Mulroney fought the 1984 election on an anti-free trade platform. Two days after taking office he was in Washington to receive his orders and came back as a free trader. In 1988 the pro-FTA faction of the Liberal Party attempted to replace their anti-FTA leader John Turner in the middle of the campaign, handing power to Mulroney, with only 43 percent of the votes. In 1993 Chrétien fought on a NAFTA re-negotiation platform. When he was elected he signed the Treaty without any public consultation, sealing Canada's fate. NDP Premiers Harcourt and Rae threatened to sue, but chickened out.
In 1995 the negotiations of the Multilateral Agreement on Investment, the MAI, started in secret among the 29 nations of the OECD, supported by Canadian Trade Minister John Manley, now promoted to the Foreign Ministry to push the FTAA and the GATS. When the text of the papers was leaked the resulting public uproar forced the French government to pull out and the deal collapsed, only to reappear in the still secret FTAA and GATS papers.
The FTAA talks started in 1994 with 900 officials from the 34 participating countries meeting regularly in Miami, planning to complete and sign the deal either by 2004 or 2005. Parallel to these talks, the WTO's General Agreement on Trade in Services, or GATS, are also being conducted in secret in Geneva under the Chairmanship of Sergio Marchi. According to what we know, everything is on the table for takeover by multinational service providers, including water, sewers, electricity, energy, education. health, government procurements, postal services, etc. etc. In short, if multinational corporations set their eyes on school boards, they must be given opportunity to buy the system. BC Hydro, ICBC and Canada Post would be first to go as " trade distorting subsidies". The public ownership of Canada's forests and resources could be challenged and taken over.
Canada will take the softwood dispute to the NAFTA and WTO, who will rule against the USA. This will release the US government from any responsibility from throwing their lumber sector to the dogs. The Canadian government will sing the praises of the WTO and NAFTA, showing how beneficial free trade is for the country. The next day the doors will be opened for the unlimited exploitation of our resources without any safeguards, protection, or decision making by the public.
The water services will be sold to French companies. The schools to multinationals from the USA, who already are rubbing their hands in anticipation, with their trade publications predicting huge profits. The postal services will be privatized and rural deliveries cut off as not profitable. The Fraser Institute already has scores of publications praising all this by those like Norman Block on the privatization of all forests, and the sale of lakes, rivers and creeks for export and plans to prevent the public from knowing what goes on behind the gates.
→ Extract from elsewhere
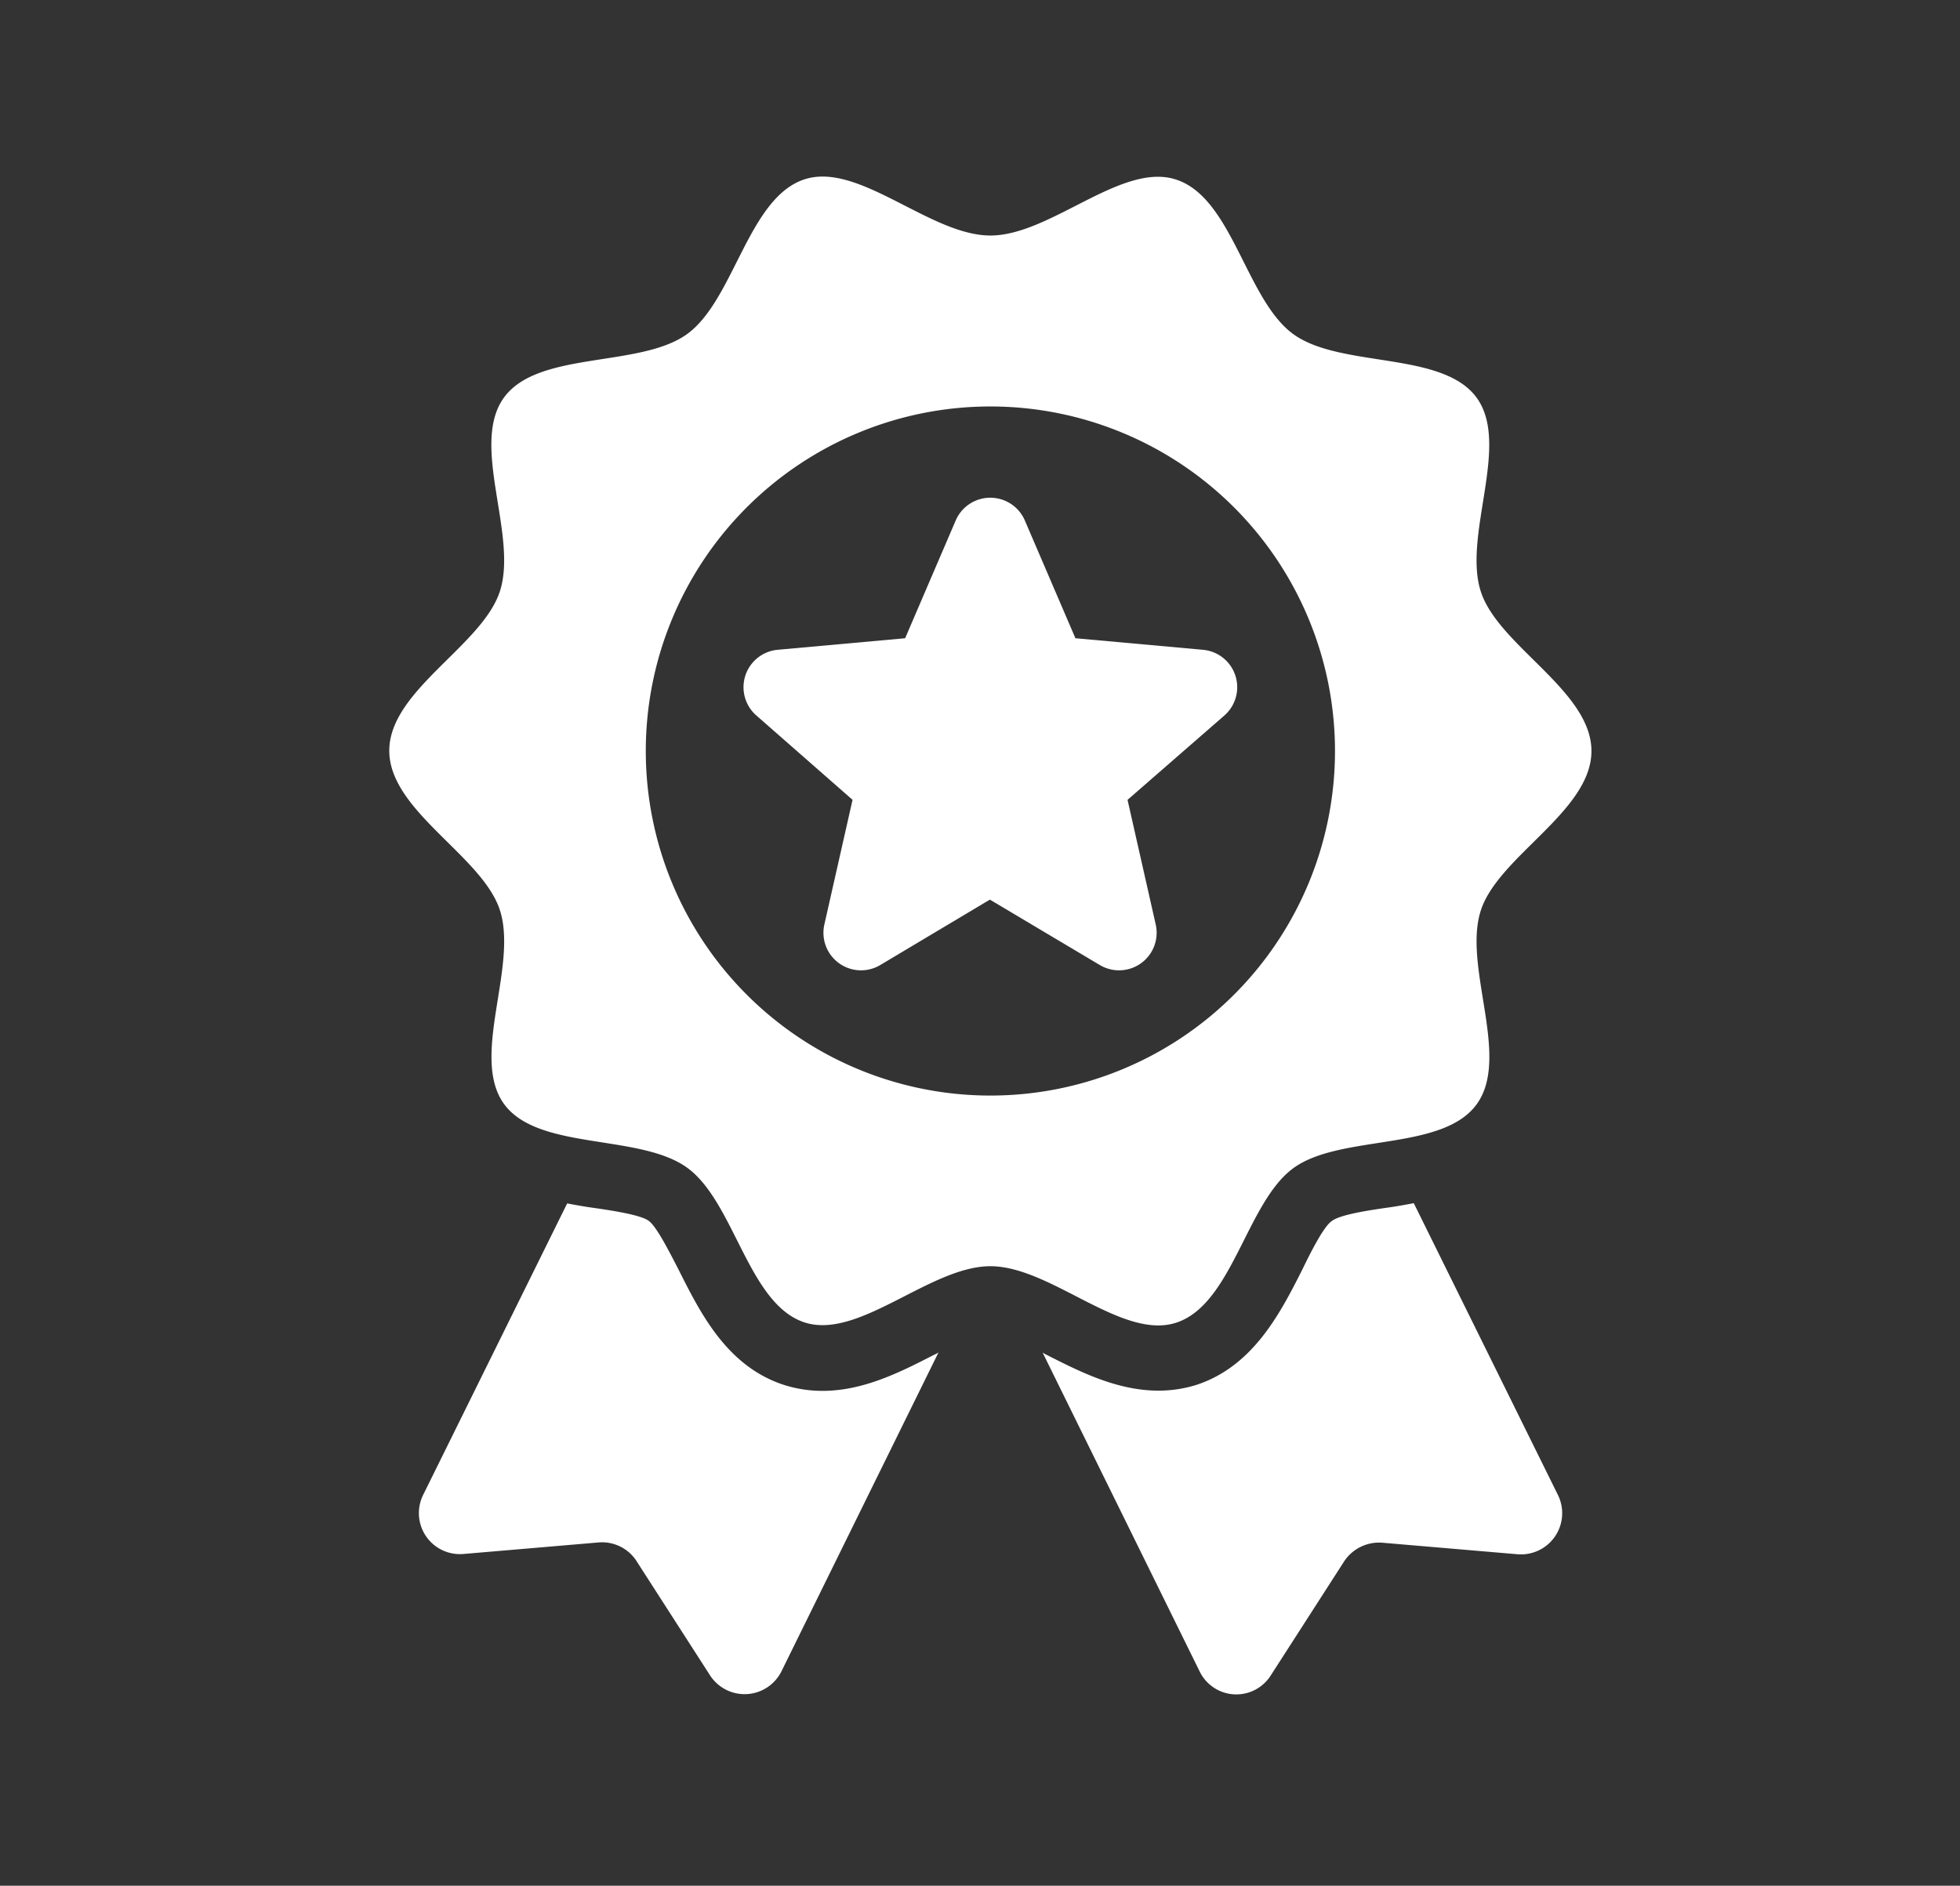 <svg id="Layer_1" data-name="Layer 1" xmlns="http://www.w3.org/2000/svg" viewBox="0 0 339.56 326.75"><rect x="0" y="0" width="339.56" height="326.75" fill="#333333" stroke="none"/><defs><style>.cls-1{fill:#fff;}</style></defs><title>pictoPlan de travail 4</title><path class="cls-1" d="M142.51,241a21.89,21.89,0,0,1-6.59-1c-10-3.2-14.59-12.52-18.36-20-1.51-2.92-3.76-7.43-5.18-8.47s-6.4-1.79-9.69-2.26c-1.42-.19-2.92-.47-4.43-.75L73.32,259a7.11,7.11,0,0,0,7,10.26l23.44-2a7.1,7.1,0,0,1,6.5,3.21l12.71,19.76a7.13,7.13,0,0,0,12.42-.65l27.21-55.26a2.44,2.44,0,0,1-.66.37C156.16,237.66,149.66,241,142.51,241Z"/><path class="cls-1" d="M244.93,208.48c-1.51.28-3,.56-4.42.75-3.3.47-8.38,1.23-9.79,2.35-1.42.95-3.67,5.46-5.09,8.38-3.76,7.44-8.47,16.76-18.35,20a21.94,21.94,0,0,1-6.59,1c-7.16,0-13.65-3.3-19.4-6.22a6.34,6.34,0,0,1-.66-.37l27.21,55.26a7.06,7.06,0,0,0,12.33.65l12.71-19.76a7.26,7.26,0,0,1,6.59-3.21l23.44,2a7.14,7.14,0,0,0,7-10.26Z"/><path class="cls-1" d="M203.76,229.19c9.76-3.17,12.19-20.87,20.32-26.79s25.77-2.85,31.74-11.05-2.44-23.85.73-33.61c3.06-9.41,19.16-17.17,19.16-27.61s-16.1-18.2-19.16-27.61c-3.17-9.76,5.19-25.48-.73-33.61s-23.54-5.08-31.74-11-10.56-23.62-20.32-26.79C194.35,28,182,40.81,171.58,40.81S148.8,28,139.39,31.07c-9.76,3.17-12.19,20.87-20.32,26.79s-25.77,2.85-31.74,11,2.44,23.85-.73,33.61c-3.06,9.41-19.16,17.17-19.16,27.61s16.1,18.2,19.16,27.61c3.17,9.76-5.19,25.48.73,33.61s23.54,5.08,31.74,11.05,10.56,23.62,20.32,26.79c9.41,3.06,21.75-9.74,32.19-9.74S194.34,232.25,203.76,229.19Zm-91.88-99.06a59.7,59.7,0,1,1,59.7,59.7A59.7,59.7,0,0,1,111.88,130.13Z"/><path class="cls-1" d="M208.39,112.59l-22.08-2-8.75-20.38a6.52,6.52,0,0,0-12,0l-8.75,20.38-22.08,2a6.51,6.51,0,0,0-3.7,11.38l16.67,14.62-4.89,21.63a6.51,6.51,0,0,0,9.68,7l19-11.34,19.06,11.34a6.51,6.51,0,0,0,9.68-7l-4.89-21.63L212.09,124A6.51,6.51,0,0,0,208.39,112.59Z"/></svg>

Had the MAI gone through in 1997-98, there wouldn't be any major mills left in BC, just the raw logs exported. If either the FTAA or GATS will pass the same will happen because our laws on processing are against the principles of free trade. The governments know this, and also the corporations who urge them to take the dispute to the NAFTA or WTO, while crying crocodile tears over the destruction of our communities. Can anybody name one single example where a corporation bent a single finger to save jobs and communities?
The sordid fact is that the more people they can put out of work and the more communities they destroy the bigger their profit margins. And, according to neo-classical theory taught in all universities as good economics, that's all that counts.